Provided material:
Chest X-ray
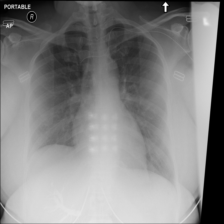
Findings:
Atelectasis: negative
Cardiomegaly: negative
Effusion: negative
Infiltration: negative
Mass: negative
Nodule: negative
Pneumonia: negative
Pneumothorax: negative
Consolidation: negative
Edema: negative
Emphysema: negative
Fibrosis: negative
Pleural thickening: negative
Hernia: negative

Problem statement: Repeat the full listing above exactly, with no pictures in the copy.

Written response:
Chest X-ray
Findings:
Atelectasis: negative
Cardiomegaly: negative
Effusion: negative
Infiltration: negative
Mass: negative
Nodule: negative
Pneumonia: negative
Pneumothorax: negative
Consolidation: negative
Edema: negative
Emphysema: negative
Fibrosis: negative
Pleural thickening: negative
Hernia: negative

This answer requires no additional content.